Sylvia Hewlett: I'd been very involved in the talent wars right across the world, lived and worked in poor countries. I see myself as a bit of an international expert in those areas.
Sylvia Ann Hewlett, the founding President of the Center for Work-Life Policy, here in New York, which is a think tank.
Card: How Companies Can Learn to Leverage Diversity.
Sylvia Hewlett: I don't think it's obvious to leaders that this is a must-have. Everyone sees it as a nice-to-have, it's clearly a good adornment, particularly in good times. So making the business case for why this has to be done now, even in the midst of the global recession, actually needs a pretty complicated argument.

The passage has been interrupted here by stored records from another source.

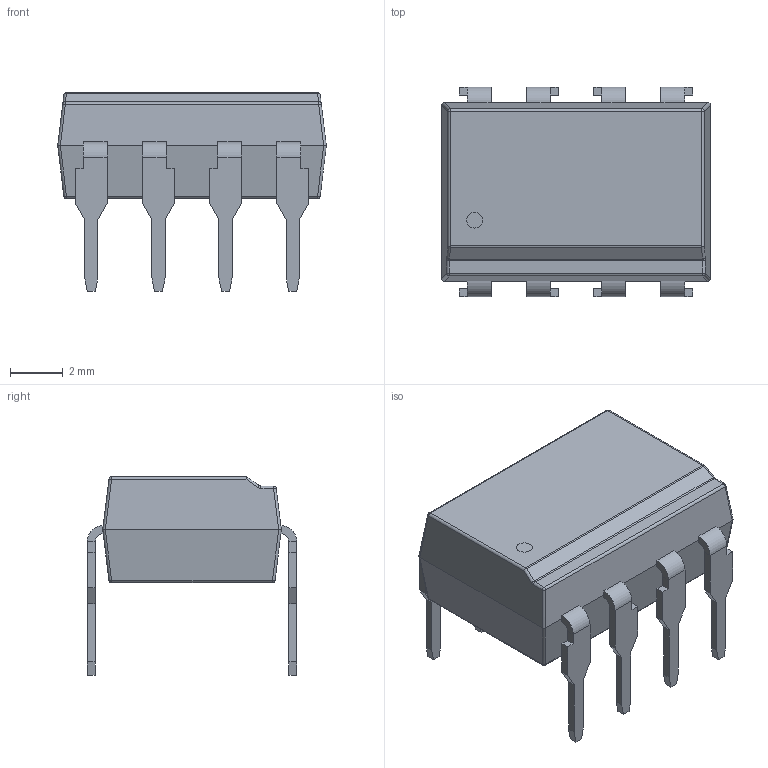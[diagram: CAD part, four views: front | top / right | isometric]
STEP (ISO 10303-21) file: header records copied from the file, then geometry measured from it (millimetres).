
FILE_DESCRIPTION(('STEP AP214'), '1');
FILE_NAME('DIP8-OC-BLK', '2016-02-24T00:25:37', ('Nobody'), (''), 'ASCON STEP Converter 1.3', 'ASCON Math Kernel', '');
FILE_SCHEMA(('AUTOMOTIVE_DESIGN { 1 0 10303 214 3 1 1}'));
Length unit declared in the file: millimetre
Bounding box: 10.16 x 7.92 x 7.5 mm (x, y, z)
Volume: 266.2 mm3; surface area: 355.1 mm2
Topology: 9 solids, 9 shells, 221 faces, 515 edges, 305 vertices
Faces by surface type: plane 173, cylinder 38, bspline 10
Entity records: 8082 total; most frequent: CARTESIAN_POINT 1234, ORIENTED_EDGE 1014, DIRECTION 978, EDGE_CURVE 507, LINE 432, VECTOR 432, VERTEX_POINT 305, AXIS2_PLACEMENT_3D 273
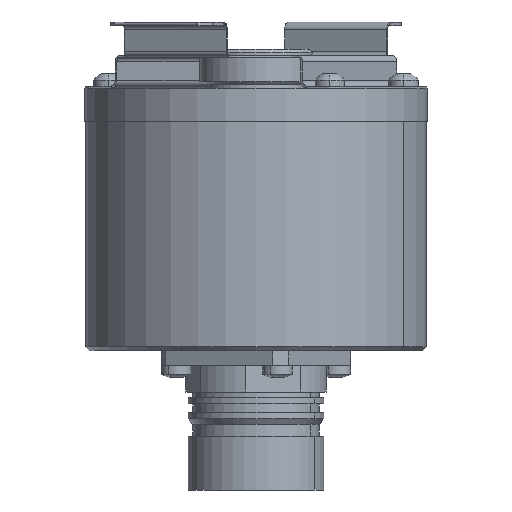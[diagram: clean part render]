
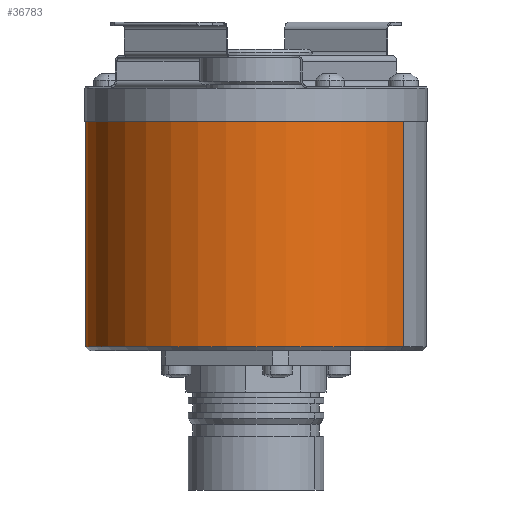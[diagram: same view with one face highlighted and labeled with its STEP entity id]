
A CAD part, front view. The second image highlights one B-rep face of the part: STEP entity #36783.
In plain terms, the highlighted cylindrical face has radius 28.9 mm (diameter 57.8 mm), a partial arc.
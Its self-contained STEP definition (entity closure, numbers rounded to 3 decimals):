
#11022=CARTESIAN_POINT('',(0.,0.,12.4));
#11023=DIRECTION('',(0.,0.,1.));
#11024=DIRECTION('',(-0.866,0.5,0.));
#11025=AXIS2_PLACEMENT_3D('',#11022,#11023,#11024);
#11031=DIRECTION('',(0.,0.,-1.));
#11032=VECTOR('',#11031,38.2);
#11033=CARTESIAN_POINT('',(25.028,-14.45,12.4));
#11034=LINE('',#11033,#11032);
#11035=DIRECTION('',(0.,0.,-1.));
#11036=VECTOR('',#11035,38.2);
#11037=CARTESIAN_POINT('',(-25.028,14.45,12.4));
#11038=LINE('',#11037,#11036);
#11048=CARTESIAN_POINT('',(0.,0.,-25.8));
#11049=DIRECTION('',(0.,0.,-1.));
#11050=DIRECTION('',(0.866,-0.5,0.));
#11051=AXIS2_PLACEMENT_3D('',#11048,#11049,#11050);
#23127=CARTESIAN_POINT('',(25.028,-14.45,-25.8));
#23128=CARTESIAN_POINT('',(-25.028,14.45,-25.8));
#23129=VERTEX_POINT('',#23127);
#23130=VERTEX_POINT('',#23128);
#23223=CARTESIAN_POINT('',(25.028,-14.45,12.4));
#23224=CARTESIAN_POINT('',(-25.028,14.45,12.4));
#23225=VERTEX_POINT('',#23223);
#23226=VERTEX_POINT('',#23224);
#36771=CARTESIAN_POINT('',(0.,0.,-28.445));
#36772=DIRECTION('',(0.,0.,1.));
#36773=DIRECTION('',(-0.866,0.5,0.));
#36774=AXIS2_PLACEMENT_3D('',#36771,#36772,#36773);
#36775=CYLINDRICAL_SURFACE('',#36774,28.9);
#36776=ORIENTED_EDGE('',*,*,#36739,.T.);
#36777=ORIENTED_EDGE('',*,*,#36766,.T.);
#36779=ORIENTED_EDGE('',*,*,#36778,.T.);
#36780=ORIENTED_EDGE('',*,*,#36762,.F.);
#36781=EDGE_LOOP('',(#36776,#36777,#36779,#36780));
#36782=FACE_OUTER_BOUND('',#36781,.F.);
#11026=CIRCLE('',#11025,28.9);
#11052=CIRCLE('',#11051,28.9);
#36739=EDGE_CURVE('',#23226,#23225,#11026,.T.);
#36762=EDGE_CURVE('',#23226,#23130,#11038,.T.);
#36766=EDGE_CURVE('',#23225,#23129,#11034,.T.);
#36778=EDGE_CURVE('',#23129,#23130,#11052,.T.);
#36783=ADVANCED_FACE('',(#36782),#36775,.T.);
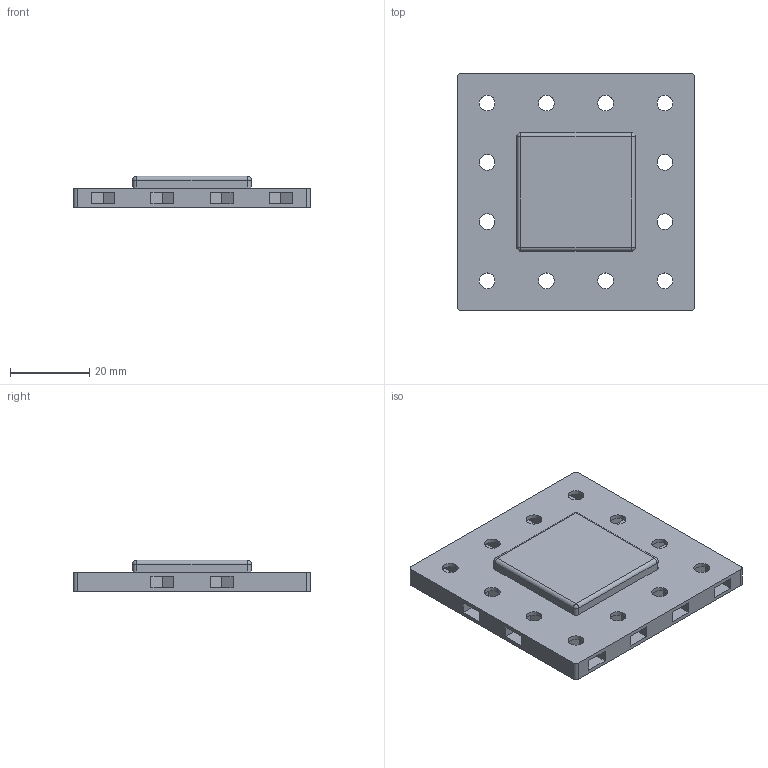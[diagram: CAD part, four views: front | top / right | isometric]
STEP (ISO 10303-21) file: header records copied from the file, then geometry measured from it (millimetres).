
FILE_DESCRIPTION(('STEP AP242'), '1');
FILE_NAME('itemConnector', '', ('UNSPECIFIED'), ('UNSPECIFIED'), 'C3D Converter', 'C3D Toolkit', '');
FILE_SCHEMA(('AP242_MANAGED_MODEL_BASED_3D_ENGINEERING_MIM_LF { 1 0 10303 442 1 1 4 }'));
Length unit declared in the file: millimetre
Bounding box: 60 x 60 x 8 mm (x, y, z)
Volume: 18276.1 mm3; surface area: 10478.2 mm2
Topology: 1 solids, 1 shells, 123 faces, 316 edges, 204 vertices
Faces by surface type: plane 83, cylinder 36, sphere 4
Full cylindrical faces by diameter (mm): 4 x24
Entity records: 3693 total; most frequent: CARTESIAN_POINT 616, DIRECTION 608, ORIENTED_EDGE 576, EDGE_CURVE 288, LINE 216, VECTOR 216, EDGE_LOOP 208, VERTEX_POINT 204
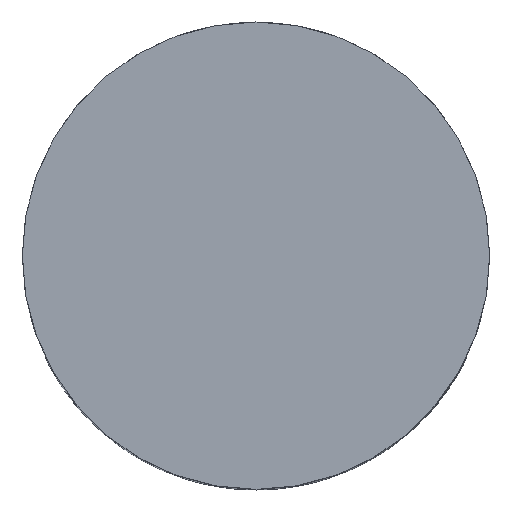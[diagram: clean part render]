
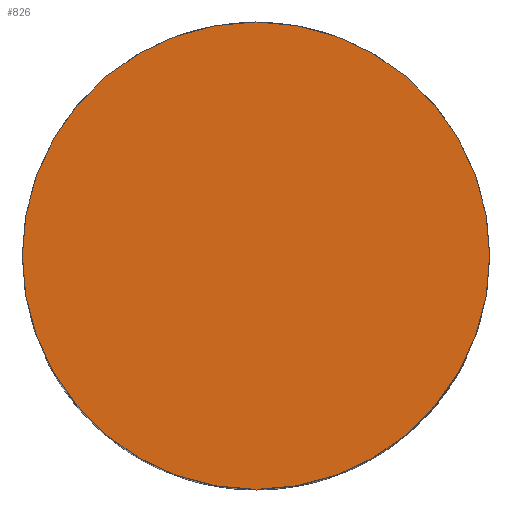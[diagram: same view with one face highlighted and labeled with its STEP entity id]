
A CAD part, top view. The second image highlights one B-rep face of the part: STEP entity #826.
In plain terms, the highlighted planar face has unit normal (0, 0, 1).
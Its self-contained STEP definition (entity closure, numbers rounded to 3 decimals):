
#808 = VERTEX_POINT('',#809);
#809 = CARTESIAN_POINT('',(41.,0.,48.5));
#814 = EDGE_CURVE('',#808,#808,#815,.T.);
#815 = CIRCLE('',#816,41.);
#816 = AXIS2_PLACEMENT_3D('',#817,#818,#819);
#817 = CARTESIAN_POINT('',(0.,0.,48.5));
#818 = DIRECTION('',(0.,0.,1.));
#819 = DIRECTION('',(1.,0.,0.));
#826 = ADVANCED_FACE('',(#827),#830,.T.);
#827 = FACE_BOUND('',#828,.T.);
#828 = EDGE_LOOP('',(#829));
#829 = ORIENTED_EDGE('',*,*,#814,.T.);
#830 = PLANE('',#831);
#831 = AXIS2_PLACEMENT_3D('',#832,#833,#834);
#832 = CARTESIAN_POINT('',(20.5,0.,48.5));
#833 = DIRECTION('',(0.,0.,1.));
#834 = DIRECTION('',(1.,0.,0.));
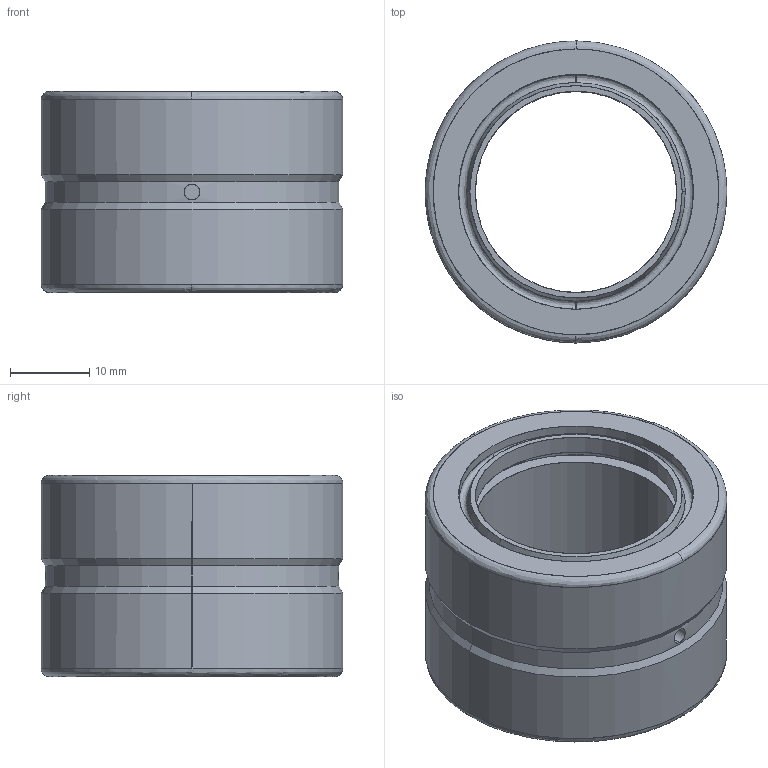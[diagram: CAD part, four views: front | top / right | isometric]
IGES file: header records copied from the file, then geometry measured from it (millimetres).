
Start section: SolidWorks IGES file using analytic representation for surfaces
Global section: file name: MRDEFAU0813541352428.igs; native system: SolidWorks 2017; preprocessor: SolidWorks 2017; author: partstream; date: 170813.054137; units: millimetre
Bounding box: 38.1 x 38.1 x 25.4 mm (x, y, z)
Surface area: 7225.6 mm2 (no closed solid volume)
Topology: 0 solids, 0 shells, 50 faces, 1115 edges, 1118 vertices
Faces by surface type: revolution 32, bspline 18

To go down the list and to spell out why it is an urgent priority now, I think the first thing I would stress is the tremendous demographic shifts out there in the world.
Let me make it very vivid. If you take the global talent pipeline, everyone in the world that has at least a bachelors degree, only 17% of that pipeline these days comprises white men. 83% of every qualified labor pool around the world is actually female or multicultural. And therefore, just on share efficiency grounds, you're not going to be able to recruit the brightest and the best to lean on the richest pool of talent, if you tend to rely on white guys to lead you into the future. So the demographic changes I think make it a very urgent problem.
Another new factor, there's a lot of research on the efficacy of teams. It turns out diverse work teams encompassing gender diversity, racial diversity, age diversity make much better decisions and are much more innovative than homogeneous teams.
If you try to design a product these days relying on a bunch of Caucasian men who all grew up in Greenwich, the odds are you would end up with a very narrow kind of conception as to what might be useful out there. So the new world, particularly the London Business School has done a lot of new work on address the innovation and efficiency of teams, and how diversity makes a huge difference.
Another factor and perhaps I'll stop at three, although there are many out there, is what's happened to the face of the consumer/client. And again this is leaning on Tom Peter's work; he shows is that 83% of consumer decisions these days are made by women. The consumer is not king, the consumer's queen.
Discuss
robert knight on June 5, 2009, 10:46 PM
Sylvia Hewlett makes the business case for diversity: 83% of the talent pool are not white males. Don’t just rely on “a bunch of Caucasian men who grew up in Greenwich,” she says. Here, here!
Joe Gillis on June 11, 2009, 6:03 PM
If there’s anything that government and the financial industry have taught us, it is that a bunch of old white men making decisions in an isolated board room is a flawed process. I’d even go as far as to say that the need for workplace diversity may have never been more important, but I’m not entirely convinced that employers have caught on quite yet. Perhaps NYTimes.com’s slideshow of Google’s multi-cultural work force can help get the point across to some of those old white guys from Greenwich.
soccer on June 11, 2009, 6:30 PM
I don’t think diversity at the expense of performance is the answer. Sylvia simply contends that only hiring white men from Greenwich means that you are missing out on the best and the brightest. Companies need to find the best people, be they white, black, asian or from whatever cultural background.
Roberta Reynolds on June 16, 2009, 11:07 AM
This lady talks about “gender diversity, racial diversity, age diversity” — I love it.
colin day on June 20, 2009, 12:05 AM
This issue is one that will never be resolved. As a nation we need to be sure that all people are provided with an equal opportunity to succeed. Affirmative Action was created to make sure minority groups were not denied that right. This was the right thing to do.
We need to continue to protect people from discrimination that was legally sanctioned for centuries. Yes, we are making up for the wrongs of the past. I’m a white man and I suport it 100%, because I know that I was brought up with every advantage in life, and I think it’s right to give a person who hasn’t had it so easy some extra help in trying to secure decent employment.
Hewlett has it right here. A work place with a high degree of diversity truly reflects the make up of our society, and helps in bringing about greater understanding between races as they get to know each other as human beings, not as a color or a member of a race.